Data to examine

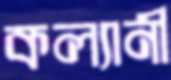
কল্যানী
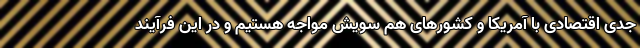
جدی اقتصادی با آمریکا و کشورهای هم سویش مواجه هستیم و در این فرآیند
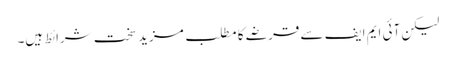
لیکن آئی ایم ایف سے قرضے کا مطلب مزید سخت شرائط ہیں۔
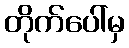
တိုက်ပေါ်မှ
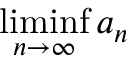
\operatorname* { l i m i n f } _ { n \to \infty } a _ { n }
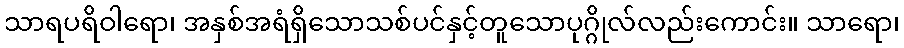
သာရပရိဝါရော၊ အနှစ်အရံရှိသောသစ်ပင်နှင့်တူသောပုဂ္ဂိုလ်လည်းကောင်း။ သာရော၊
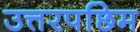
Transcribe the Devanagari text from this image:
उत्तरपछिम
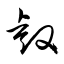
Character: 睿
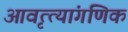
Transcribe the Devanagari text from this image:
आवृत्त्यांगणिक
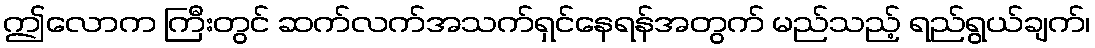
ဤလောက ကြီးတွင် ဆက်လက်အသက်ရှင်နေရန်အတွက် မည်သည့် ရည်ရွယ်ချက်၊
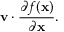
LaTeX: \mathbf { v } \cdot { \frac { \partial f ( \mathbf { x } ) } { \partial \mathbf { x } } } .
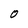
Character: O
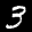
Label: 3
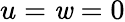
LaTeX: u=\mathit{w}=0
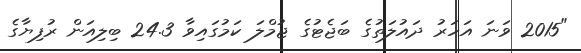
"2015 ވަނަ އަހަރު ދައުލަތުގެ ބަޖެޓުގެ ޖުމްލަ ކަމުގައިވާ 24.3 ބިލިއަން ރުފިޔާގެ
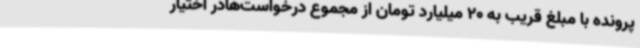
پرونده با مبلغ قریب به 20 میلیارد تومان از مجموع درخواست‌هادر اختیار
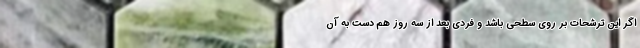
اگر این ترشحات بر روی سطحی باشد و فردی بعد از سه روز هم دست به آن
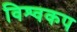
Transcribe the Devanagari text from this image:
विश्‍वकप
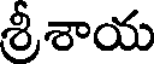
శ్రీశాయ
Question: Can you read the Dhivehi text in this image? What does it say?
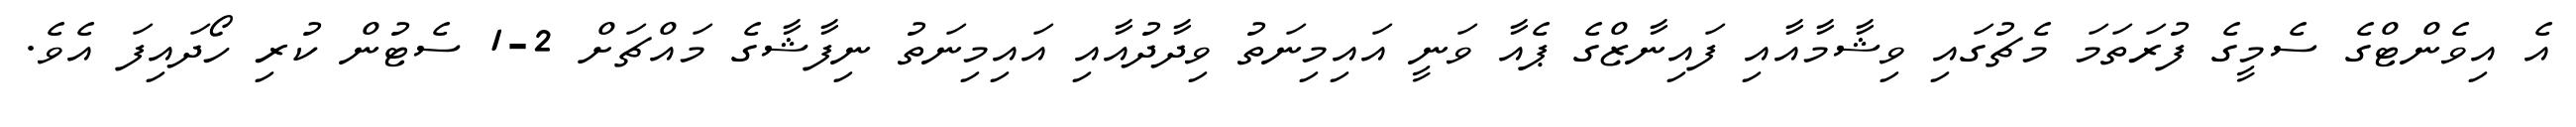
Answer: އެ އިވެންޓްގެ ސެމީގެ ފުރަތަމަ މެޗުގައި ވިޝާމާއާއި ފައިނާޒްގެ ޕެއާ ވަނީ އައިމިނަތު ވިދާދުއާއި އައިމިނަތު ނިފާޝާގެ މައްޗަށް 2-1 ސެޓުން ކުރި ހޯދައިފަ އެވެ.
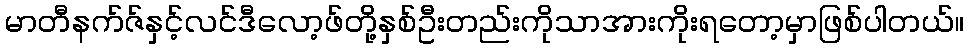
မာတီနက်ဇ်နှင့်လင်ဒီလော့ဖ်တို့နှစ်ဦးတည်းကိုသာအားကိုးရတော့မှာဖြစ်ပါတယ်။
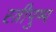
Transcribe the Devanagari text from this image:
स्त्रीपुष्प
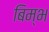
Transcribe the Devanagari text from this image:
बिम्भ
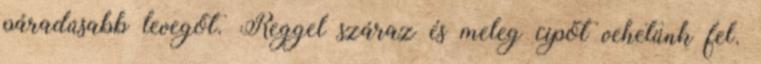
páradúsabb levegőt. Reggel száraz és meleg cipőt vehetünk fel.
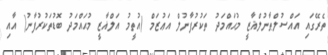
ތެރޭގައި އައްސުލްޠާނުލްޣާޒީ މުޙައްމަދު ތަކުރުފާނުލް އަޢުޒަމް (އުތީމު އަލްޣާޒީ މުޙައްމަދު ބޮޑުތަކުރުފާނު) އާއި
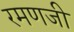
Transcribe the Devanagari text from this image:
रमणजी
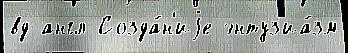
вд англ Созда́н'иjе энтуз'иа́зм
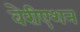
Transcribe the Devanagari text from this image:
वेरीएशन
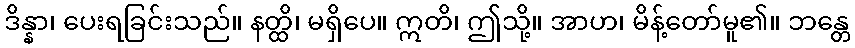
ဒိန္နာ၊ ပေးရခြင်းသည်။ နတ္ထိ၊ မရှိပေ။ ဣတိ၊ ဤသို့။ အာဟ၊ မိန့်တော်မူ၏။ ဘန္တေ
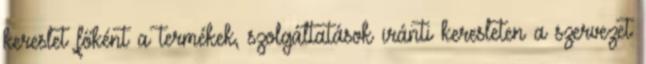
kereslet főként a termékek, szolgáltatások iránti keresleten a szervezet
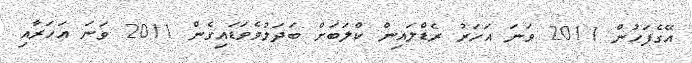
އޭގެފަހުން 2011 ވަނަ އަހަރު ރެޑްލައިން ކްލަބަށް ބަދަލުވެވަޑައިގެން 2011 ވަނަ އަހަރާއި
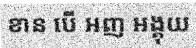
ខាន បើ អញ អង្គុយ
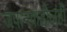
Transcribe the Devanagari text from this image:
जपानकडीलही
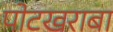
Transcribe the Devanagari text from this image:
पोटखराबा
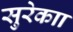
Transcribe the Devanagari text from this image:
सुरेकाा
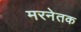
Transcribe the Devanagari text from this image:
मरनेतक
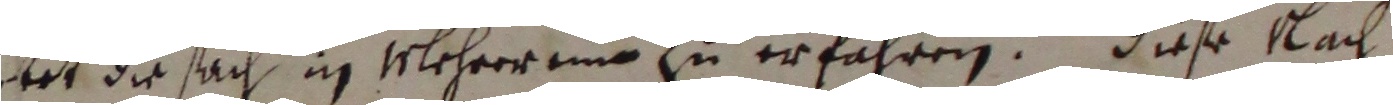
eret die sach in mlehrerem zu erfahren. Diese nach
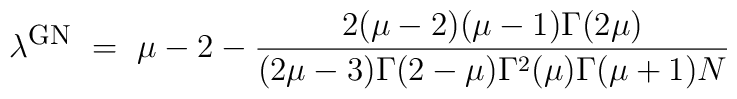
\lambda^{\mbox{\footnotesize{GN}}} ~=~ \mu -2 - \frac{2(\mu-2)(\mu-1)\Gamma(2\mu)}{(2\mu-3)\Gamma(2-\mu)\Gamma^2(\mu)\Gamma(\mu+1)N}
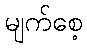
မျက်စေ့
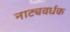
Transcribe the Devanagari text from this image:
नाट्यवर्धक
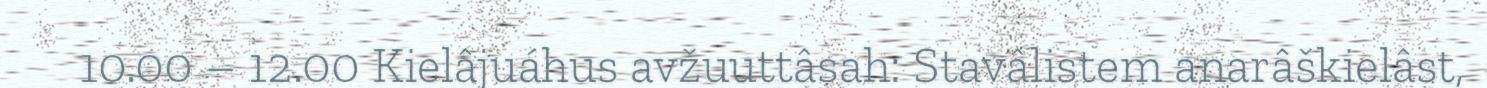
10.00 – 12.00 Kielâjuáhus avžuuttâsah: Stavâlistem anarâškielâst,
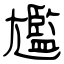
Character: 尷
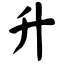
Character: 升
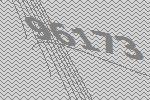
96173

* * *

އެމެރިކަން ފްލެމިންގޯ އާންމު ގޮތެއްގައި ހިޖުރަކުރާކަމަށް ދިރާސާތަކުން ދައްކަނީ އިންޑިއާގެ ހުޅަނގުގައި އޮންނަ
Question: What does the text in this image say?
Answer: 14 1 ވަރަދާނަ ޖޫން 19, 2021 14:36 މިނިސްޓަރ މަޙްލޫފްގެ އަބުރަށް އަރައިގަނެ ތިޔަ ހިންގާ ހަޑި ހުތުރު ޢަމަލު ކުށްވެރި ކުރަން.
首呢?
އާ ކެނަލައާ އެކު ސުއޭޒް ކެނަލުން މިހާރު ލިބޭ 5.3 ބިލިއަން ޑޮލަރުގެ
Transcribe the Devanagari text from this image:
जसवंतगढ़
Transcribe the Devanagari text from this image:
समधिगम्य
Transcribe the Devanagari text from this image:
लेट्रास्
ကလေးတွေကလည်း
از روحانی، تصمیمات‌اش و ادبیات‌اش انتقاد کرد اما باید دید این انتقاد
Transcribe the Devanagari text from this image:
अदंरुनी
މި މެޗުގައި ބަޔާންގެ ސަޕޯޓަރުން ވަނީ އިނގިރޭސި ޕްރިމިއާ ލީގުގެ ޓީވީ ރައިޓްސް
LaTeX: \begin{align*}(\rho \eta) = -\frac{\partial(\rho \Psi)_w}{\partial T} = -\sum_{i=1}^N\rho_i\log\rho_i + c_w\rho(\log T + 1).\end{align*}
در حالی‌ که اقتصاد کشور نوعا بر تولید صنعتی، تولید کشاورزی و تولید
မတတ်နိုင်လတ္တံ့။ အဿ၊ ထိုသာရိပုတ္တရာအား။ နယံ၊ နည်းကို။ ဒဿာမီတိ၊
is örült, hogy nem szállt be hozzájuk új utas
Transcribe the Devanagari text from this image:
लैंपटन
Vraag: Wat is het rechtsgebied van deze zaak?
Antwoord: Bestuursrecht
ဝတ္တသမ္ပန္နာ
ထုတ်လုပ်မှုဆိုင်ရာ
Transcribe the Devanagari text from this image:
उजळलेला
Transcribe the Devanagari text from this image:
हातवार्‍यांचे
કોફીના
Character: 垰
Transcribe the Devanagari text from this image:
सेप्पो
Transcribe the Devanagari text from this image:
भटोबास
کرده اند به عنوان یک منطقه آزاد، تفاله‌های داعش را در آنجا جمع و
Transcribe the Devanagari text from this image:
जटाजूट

Aim of the exercise
Find every line in the records above that holds the word "does", and copy each one.

Completed task
Question: Can you read the Dhivehi text in this image? What does it say?
Question: What does the text in this image say?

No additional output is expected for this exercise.